Your assignment: Starting at the line below with "सुर्याउपासनेतून" and stopping at the line with "သတ္တမသုတ္တံ", please print each line exactly, those two included, and skip every picture.

Records for this exercise:
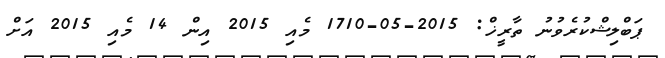
ޕަބްލިޝްކުރެވުނު ތާރީޚް: 2015-05-1710 މެއި 2015 އިން 14 މެއި 2015 އަށް
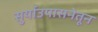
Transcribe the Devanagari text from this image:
सुर्याउपासनेतून
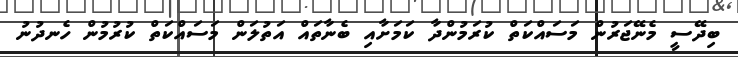
ބިދޭސީ މެނޭޖަރުން މަސައްކަތް ކުރަމުންދާ ކަމަށާއި ބެނާތައް އަތުލަން މަސައްކަތް ކުރުމުން ހެނދުނު
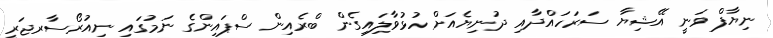
ނިޔާފް ވަނީ އޭޝިޔާ ސަރަހައްދާއި ދުނިޔެއަށް ހުޅުވާލަިއިގެން ބްރެއިން ސްޕައިންގެ ނަމުގައި ނިއުރޯސާރޖަރީ
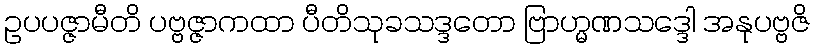
ဥပပဇ္ဇာမီတိ ပဗ္ဗဇ္ဇာကထာ ပီတိသုခသဒ္ဒတော ဗြာဟ္မဏသဒ္ဒေါ အနုပဗ္ဗဇိ
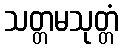
သတ္တမသုတ္တံ
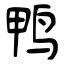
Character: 鸭
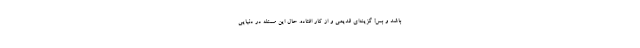
باشد و بس! گزینه‌ای قدیمی و از کار افتاده. حال این مسئله در دنیایی
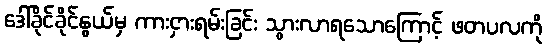
ဒေါ်ခိုင်ခိုင်နွယ်မှ ကားငှားရမ်းခြင်း သွားလာရသောကြောင့် ဖတပလကို
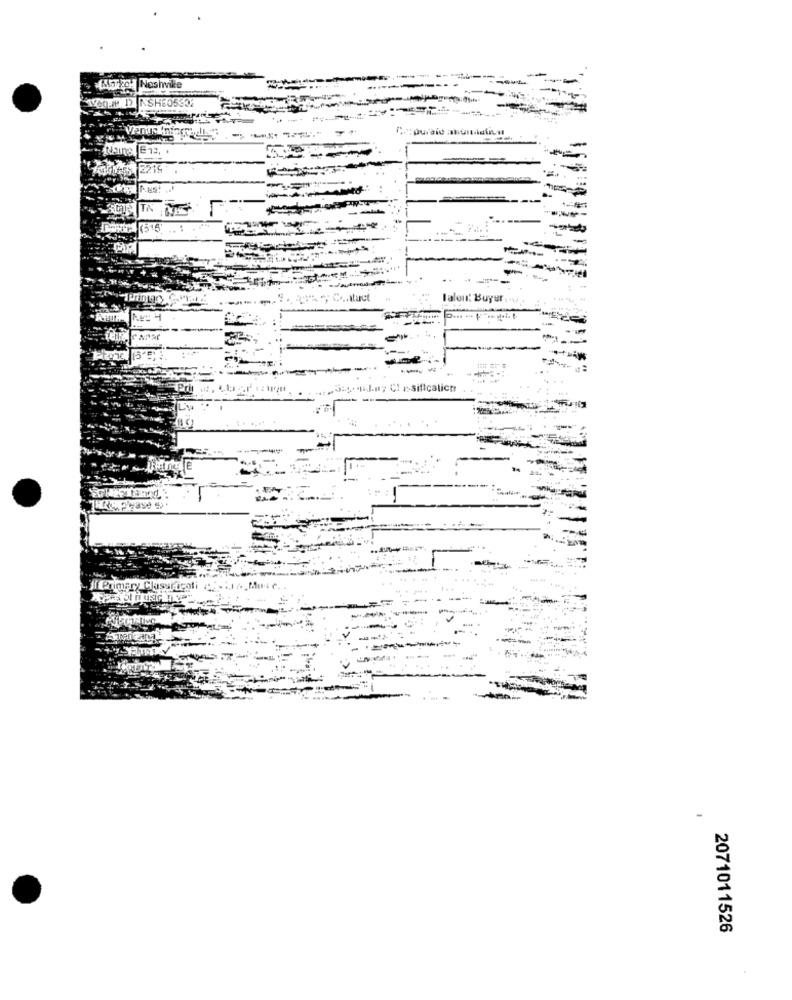
More Noshvike
COLE D NSHE05332
2215
C .. Ituut
lalon: Buyur
... 3-0 4-17 CI-sification
if Primary Classrteali
2071011526
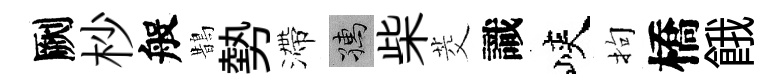
劂杪般鵲勢滯孺柴茭識峽拘橋餓
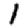
Digit: 1
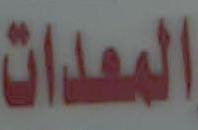
المعدات
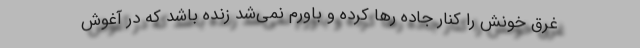
غرق خونش را کنار جاده رها کرده و باورم نمی‌شد زنده باشد که در آغوش
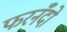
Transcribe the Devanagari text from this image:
फरनँदो
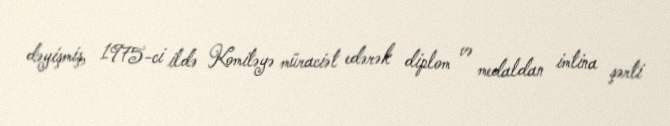
dəyişmiş, 1975-ci ildə Komitəyə müraciət edərək diplom və medaldan imtina şərti
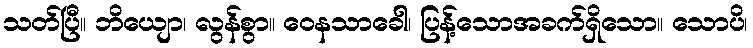
သတ်ပြီ။ ဘိယျော၊ လွန်စွာ။ ဝေနသာခေါ၊ ပြန့်သောအခက်ရှိသော။ သောပိ၊
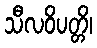
သီလဝိပတ္တိ၊
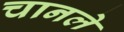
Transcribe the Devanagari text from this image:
चानले
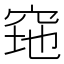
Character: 𱶶
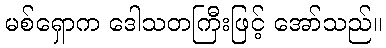
မစ်ရှောက ဒေါသတကြီးဖြင့် အော်သည်။

Response box:
सुर्याउपासनेतून
ބިދޭސީ މެނޭޖަރުން މަސައްކަތް ކުރަމުންދާ ކަމަށާއި ބެނާތައް އަތުލަން މަސައްކަތް ކުރުމުން ހެނދުނު
ނިޔާފް ވަނީ އޭޝިޔާ ސަރަހައްދާއި ދުނިޔެއަށް ހުޅުވާލަިއިގެން ބްރެއިން ސްޕައިންގެ ނަމުގައި ނިއުރޯސާރޖަރީ
ဥပပဇ္ဇာမီတိ ပဗ္ဗဇ္ဇာကထာ ပီတိသုခသဒ္ဒတော ဗြာဟ္မဏသဒ္ဒေါ အနုပဗ္ဗဇိ
သတ္တမသုတ္တံ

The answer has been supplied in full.